* Task objective
Set down the data below in full, exactly as it reads, but without the pictures.
'''
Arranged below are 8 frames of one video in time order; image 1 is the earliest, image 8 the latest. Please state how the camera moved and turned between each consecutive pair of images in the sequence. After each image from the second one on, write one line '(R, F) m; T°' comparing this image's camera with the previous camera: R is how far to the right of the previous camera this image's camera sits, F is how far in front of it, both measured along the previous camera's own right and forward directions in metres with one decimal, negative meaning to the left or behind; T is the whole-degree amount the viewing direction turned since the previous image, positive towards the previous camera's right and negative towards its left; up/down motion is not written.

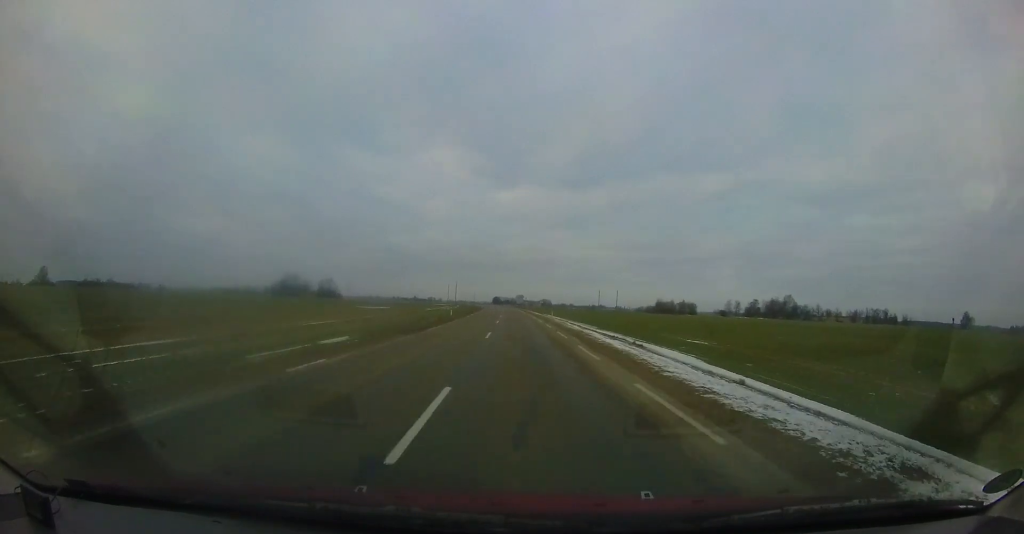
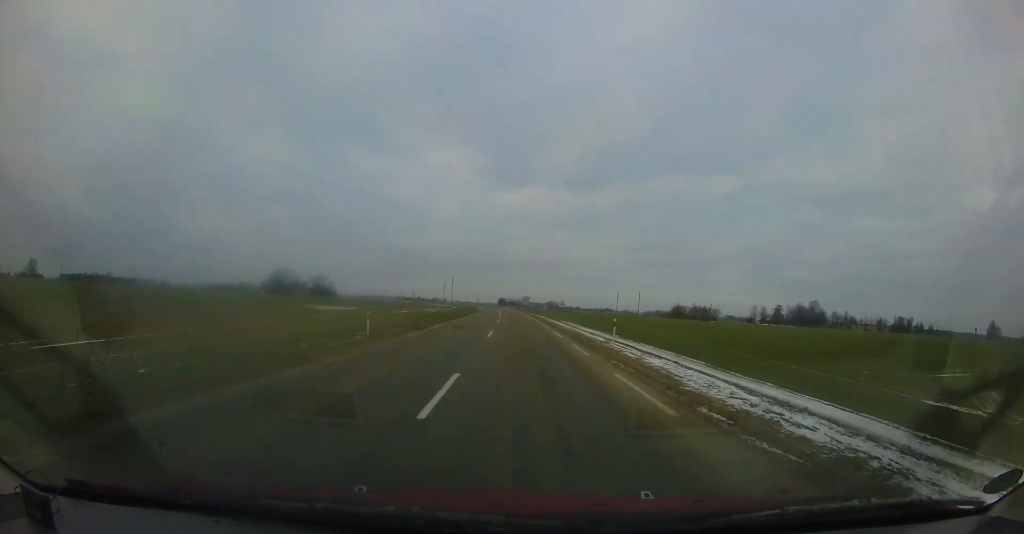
(0.0, +22.4) m; -1°
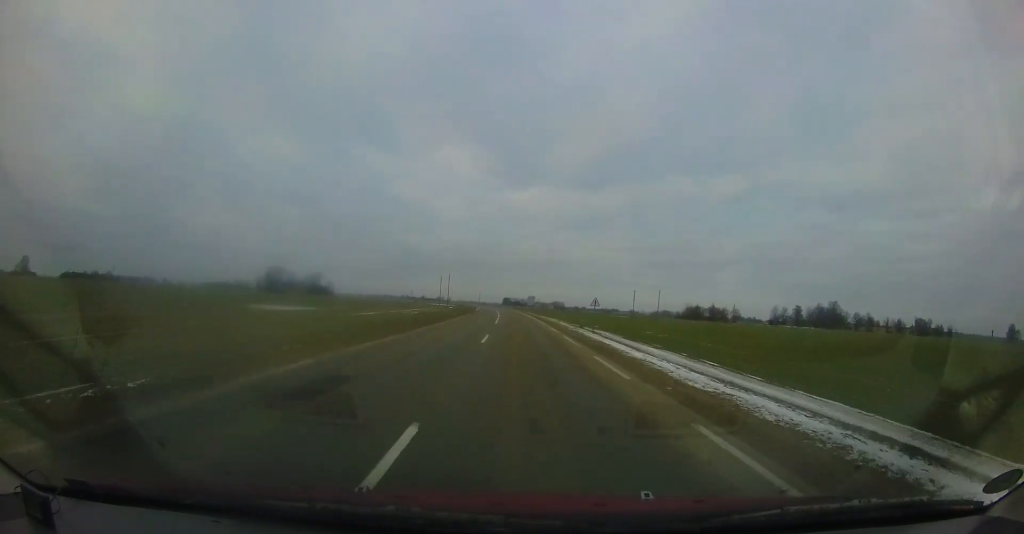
(-0.4, +15.4) m; -2°
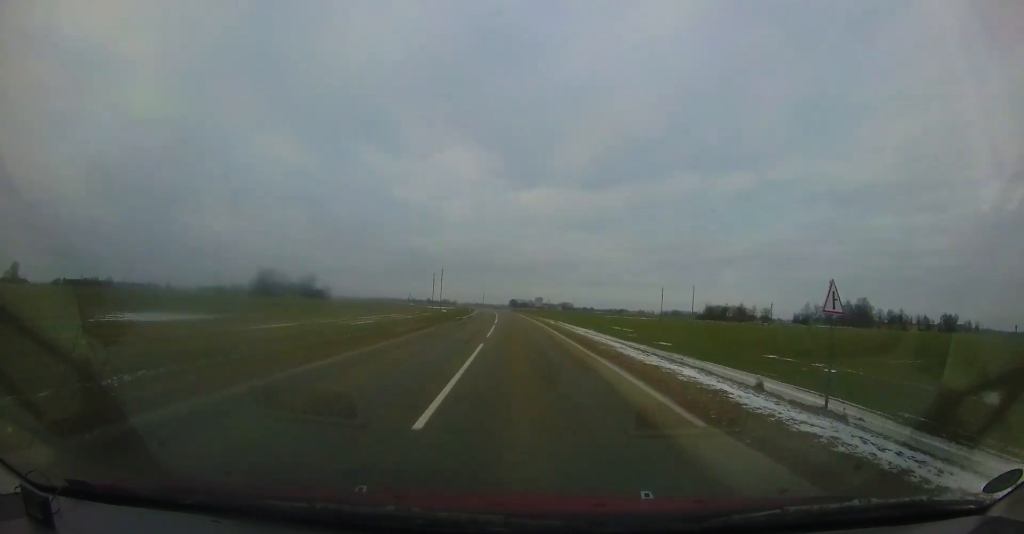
(-0.5, +20.6) m; -2°
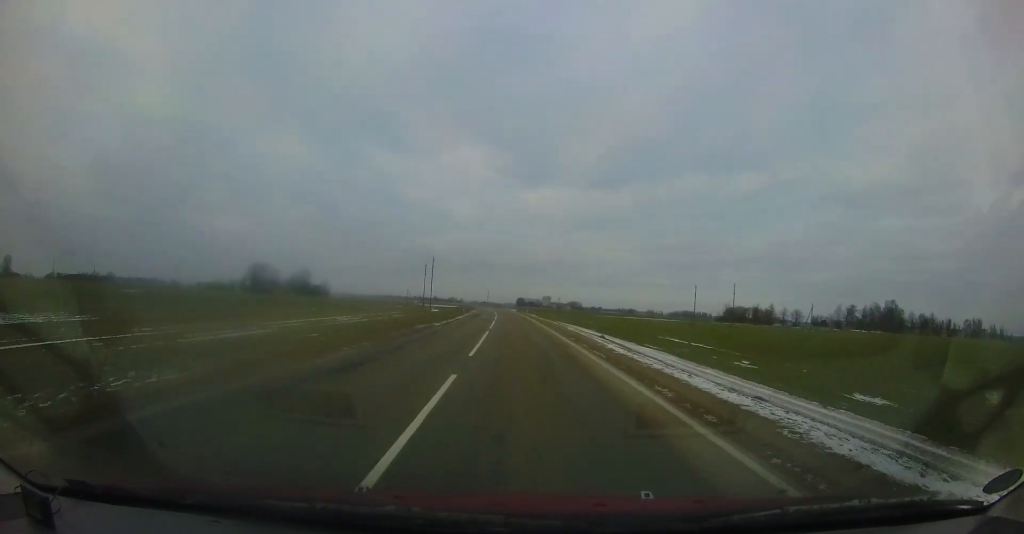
(-0.1, +17.8) m; -1°
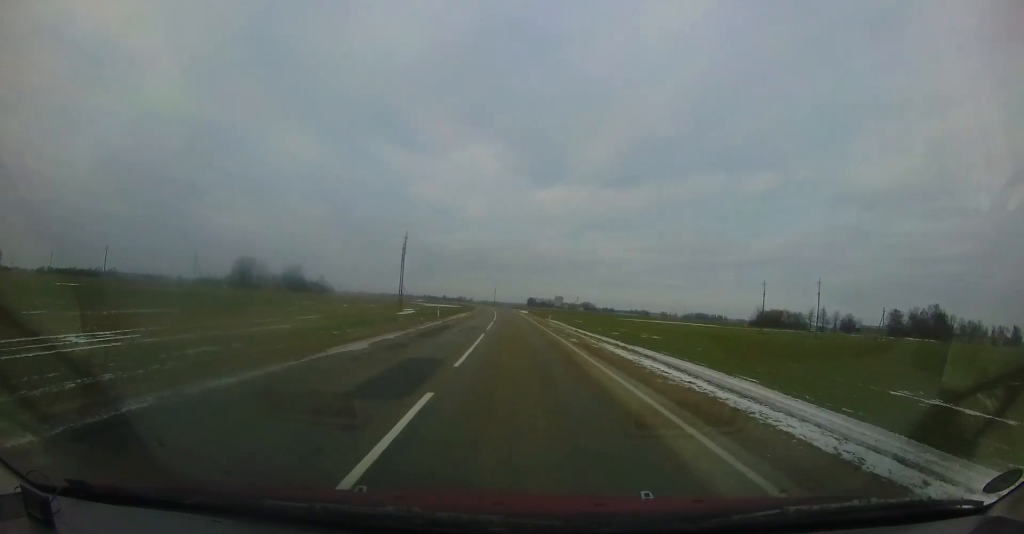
(-0.2, +25.6) m; -1°
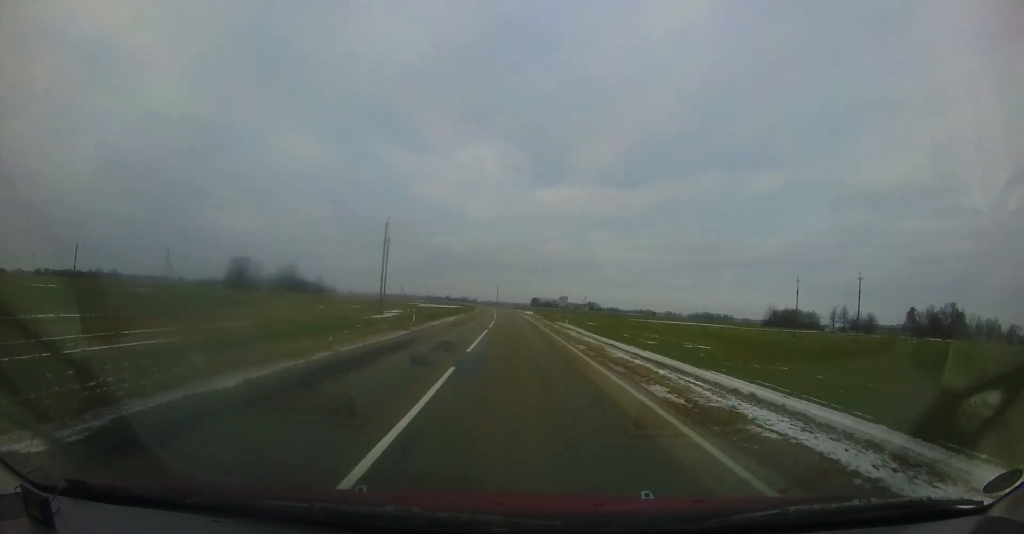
(-0.1, +9.1) m; -1°
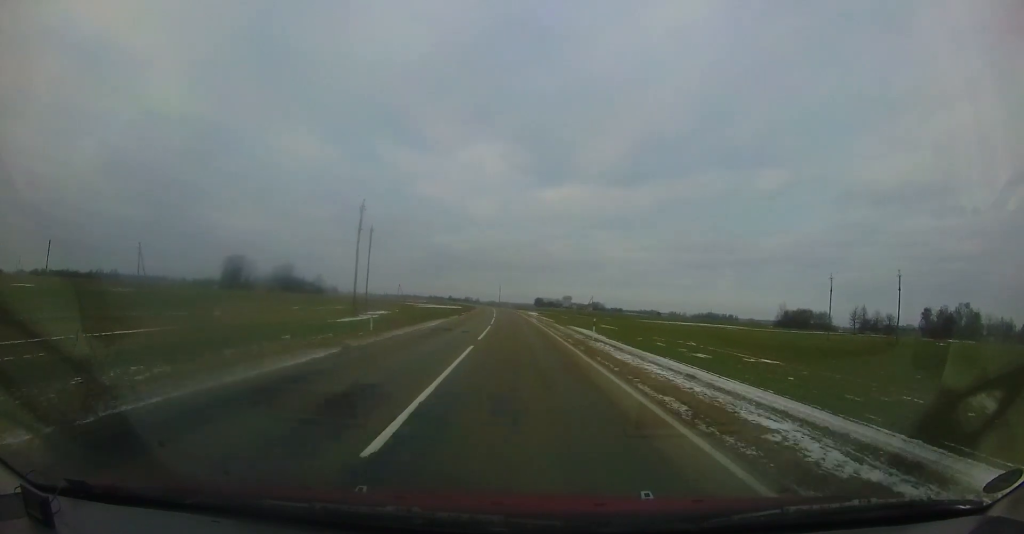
(0.0, +7.8) m; -1°
'''
* Task result
Arranged below are 8 frames of one video in time order; image 1 is the earliest, image 8 the latest. Please state how the camera moved and turned between each consecutive pair of images in the sequence. After each image from the second one on, write one line '(R, F) m; T°' comparing this image's camera with the previous camera: R is how far to the right of the previous camera this image's camera sits, F is how far in front of it, both measured along the previous camera's own right and forward directions in metres with one decimal, negative meaning to the left or behind; T is the whole-degree amount the viewing direction turned since the previous image, positive towards the previous camera's right and negative towards its left; up/down motion is not written.

(0.0, +22.4) m; -1°
(-0.4, +15.4) m; -2°
(-0.5, +20.6) m; -2°
(-0.1, +17.8) m; -1°
(-0.2, +25.6) m; -1°
(-0.1, +9.1) m; -1°
(0.0, +7.8) m; -1°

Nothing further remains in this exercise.